# PowerShift 824 Front End Transplant



## reusa (Sep 17, 2017)

I have an 824 Powershift Model 38540 S# 79xxxxxxxx
Unfortunately I experienced significant damage to the impeller and housing when it swallowed a rock pushed into the driveway by a plow two years ago. Last year I shoveled...

Not giving up and by huge luck, I recently found on Craigslist a very low hour front end from a 924 Powershift Model 38547 (I think the S# was 22xxxxxxxx)
Looking at the replacement part numbers, absolutely everything is the same (bearings, shafts, sideplates, scraperbar, augers, chute), except the actual housing assembly and warning stickers.
824 lists part number 62-0720 for the 24 inch housing. 924 lists 95-2663 and/or 95-2664. It's part #6 on the housing parts diagrams.

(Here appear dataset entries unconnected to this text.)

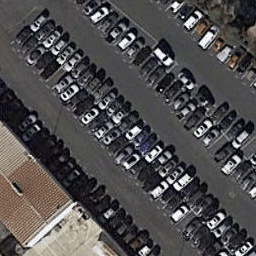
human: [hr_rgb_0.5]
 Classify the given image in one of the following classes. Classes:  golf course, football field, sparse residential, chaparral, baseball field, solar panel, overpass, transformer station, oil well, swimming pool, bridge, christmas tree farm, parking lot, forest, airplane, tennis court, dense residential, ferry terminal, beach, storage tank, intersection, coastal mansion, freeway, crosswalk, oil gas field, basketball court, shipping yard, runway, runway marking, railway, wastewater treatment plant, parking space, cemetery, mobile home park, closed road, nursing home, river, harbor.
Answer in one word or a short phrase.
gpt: parking lot
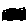
Label: hexagon
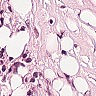
Metastatic tissue present: yes
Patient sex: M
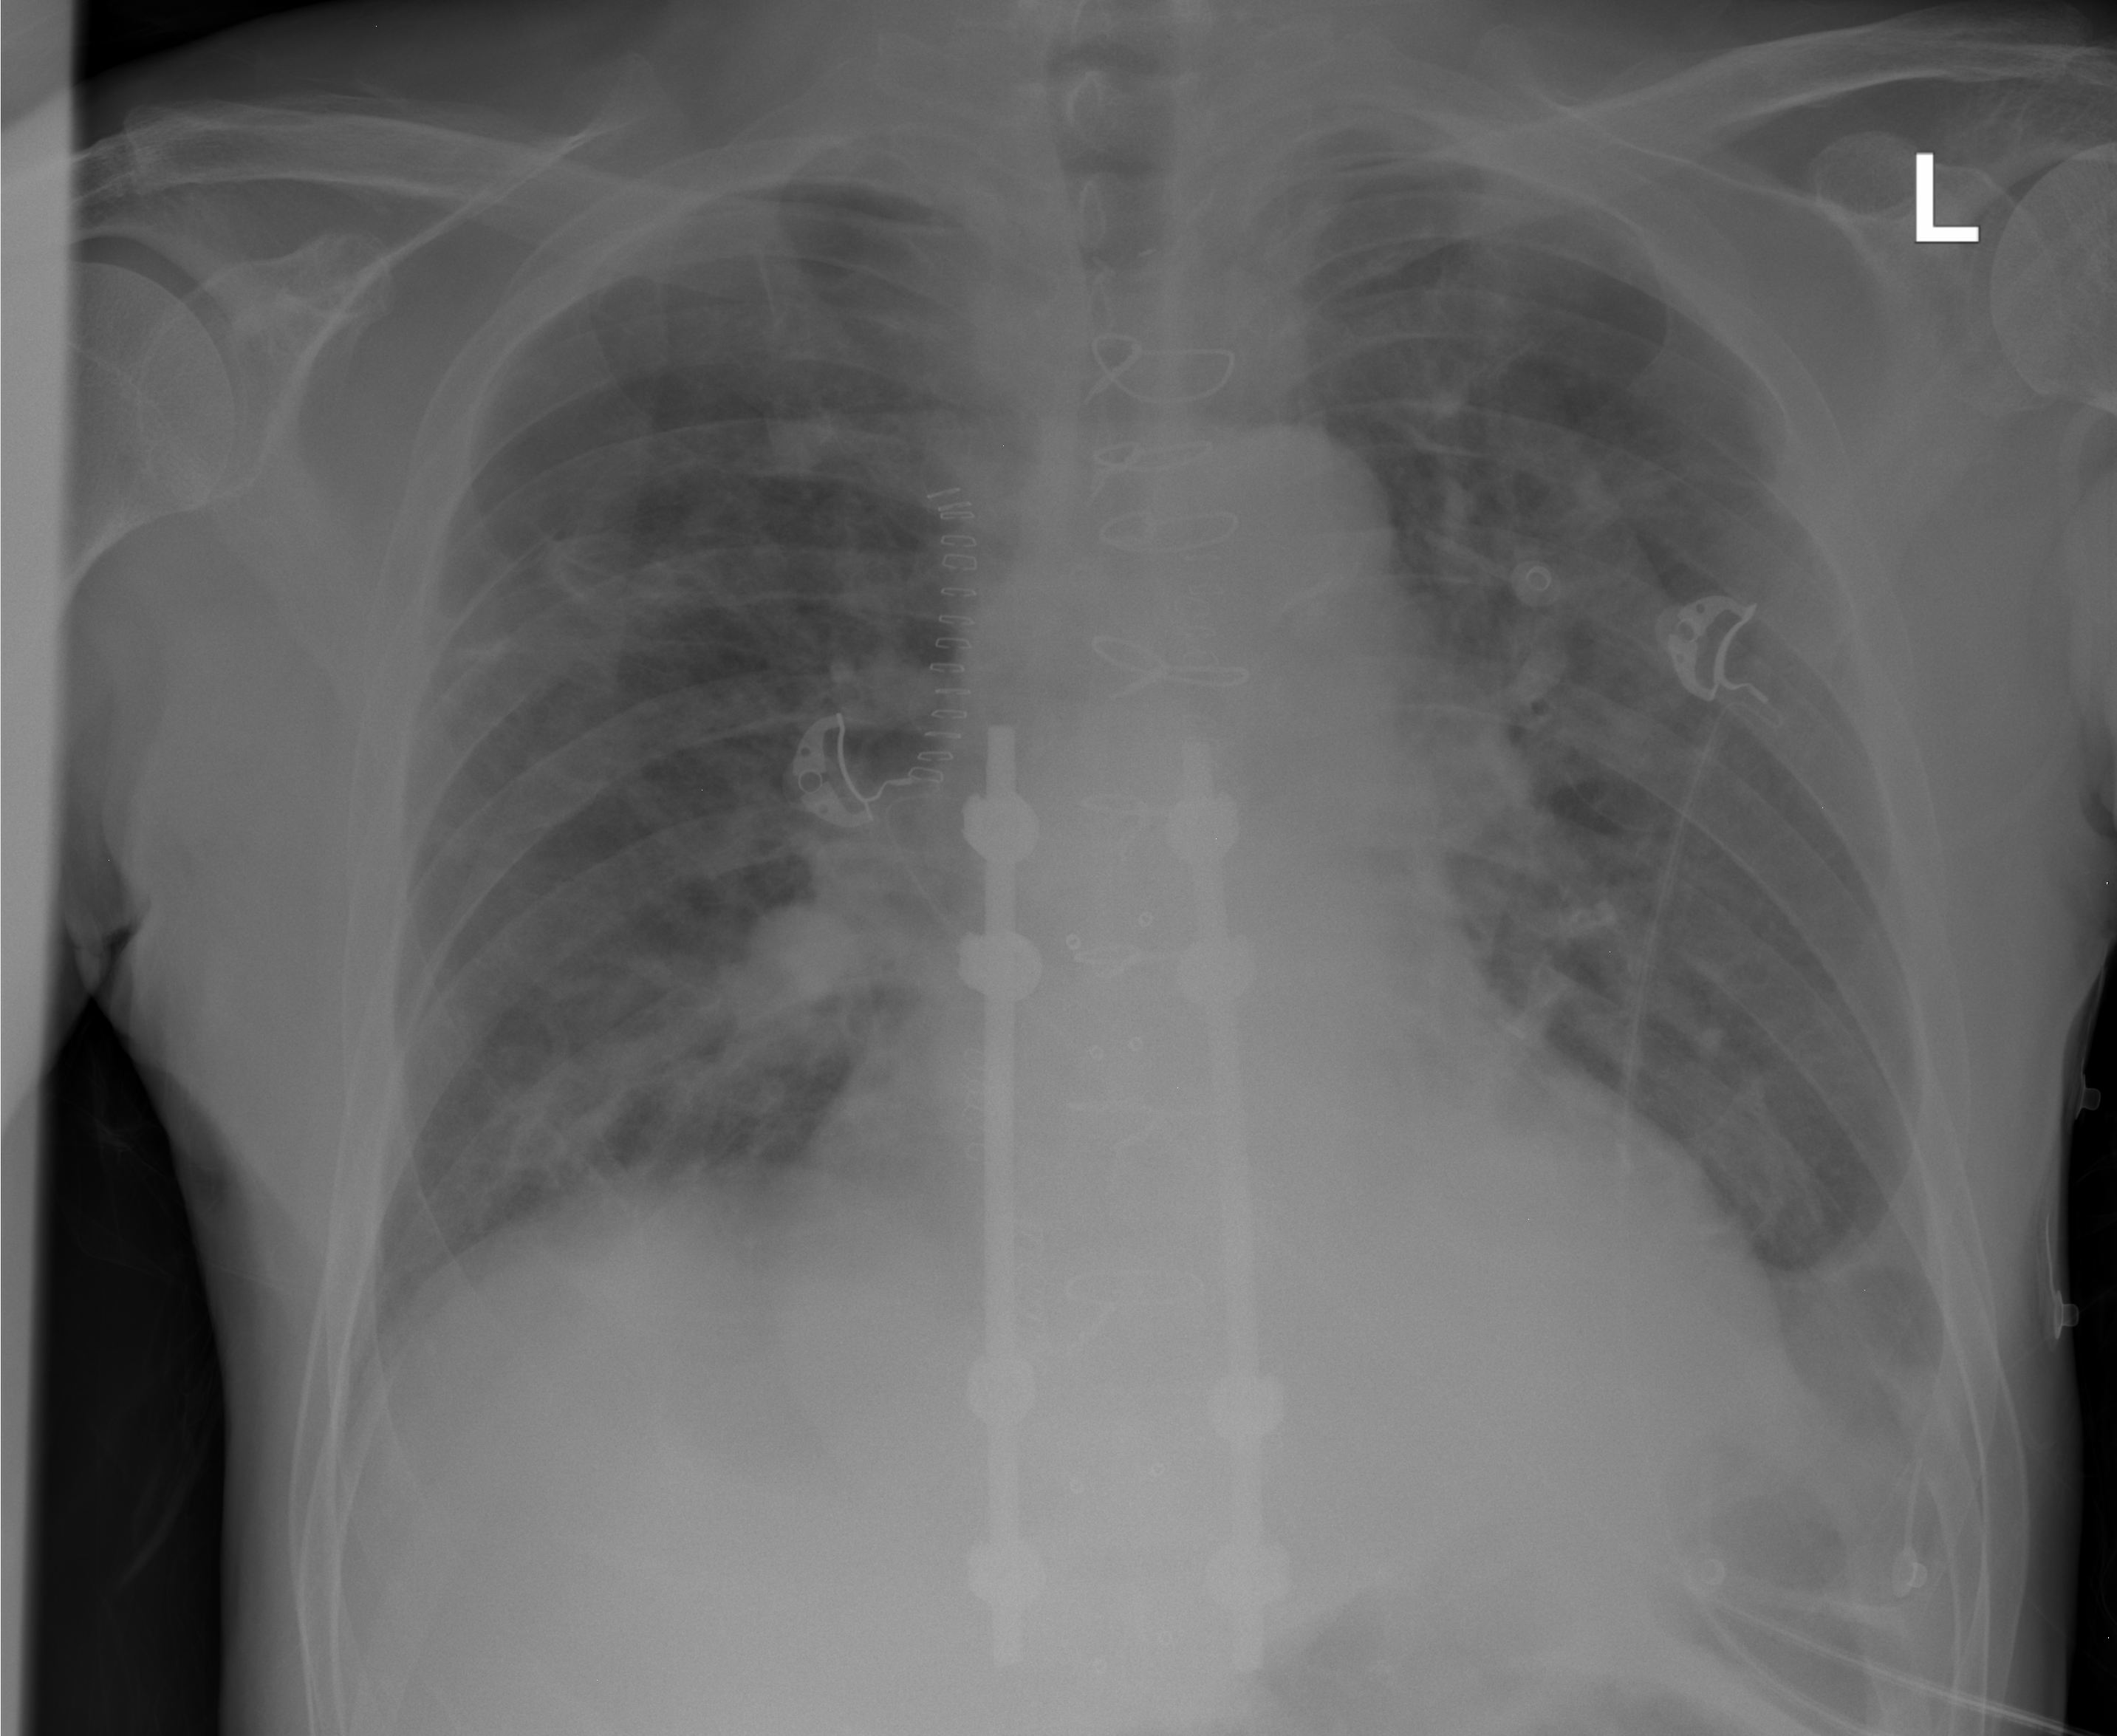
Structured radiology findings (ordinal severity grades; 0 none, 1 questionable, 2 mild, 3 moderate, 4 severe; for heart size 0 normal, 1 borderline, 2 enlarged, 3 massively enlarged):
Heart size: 2
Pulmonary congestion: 2
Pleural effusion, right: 0
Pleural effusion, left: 1
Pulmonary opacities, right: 2
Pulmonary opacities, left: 2
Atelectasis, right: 0
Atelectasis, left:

I've gone over these two side by side with rulers, etc., and I cannot find a difference (other than better welding on the chassis mounting steel angle plates of the 924). 
Even the bolt holes are all spaced the same. Side by side, the height (and angle of the scraper bar) all look the same.

What I want to do is take the whole 924 front end and mount it on my 824. I would rather not transplant the mechanics to the old housing if I can avoid it due to front housing frame damage.
To any experienced Toro service mechanics or owners here > *Do you know if there really is any difference in these two front housing frames?*

Thanks!!!


----------



## UNDERTAKER (Dec 30, 2013)

*NONE what so ever stick the new front end on the old tractor and keep the rest of it. for future parts. MAHALO!!!!!!!!!!!!!!!!!! ALOHA from the Paradise City.*


----------



## 10953 (Sep 4, 2017)

i ha a 624 and 824 used almost every part from the 6 on the 8 with out a single problem

mine also eat a paving stone one winter, just took it apart hammered out the bends and kept using it, powershifts are strong machines never underestimate them


----------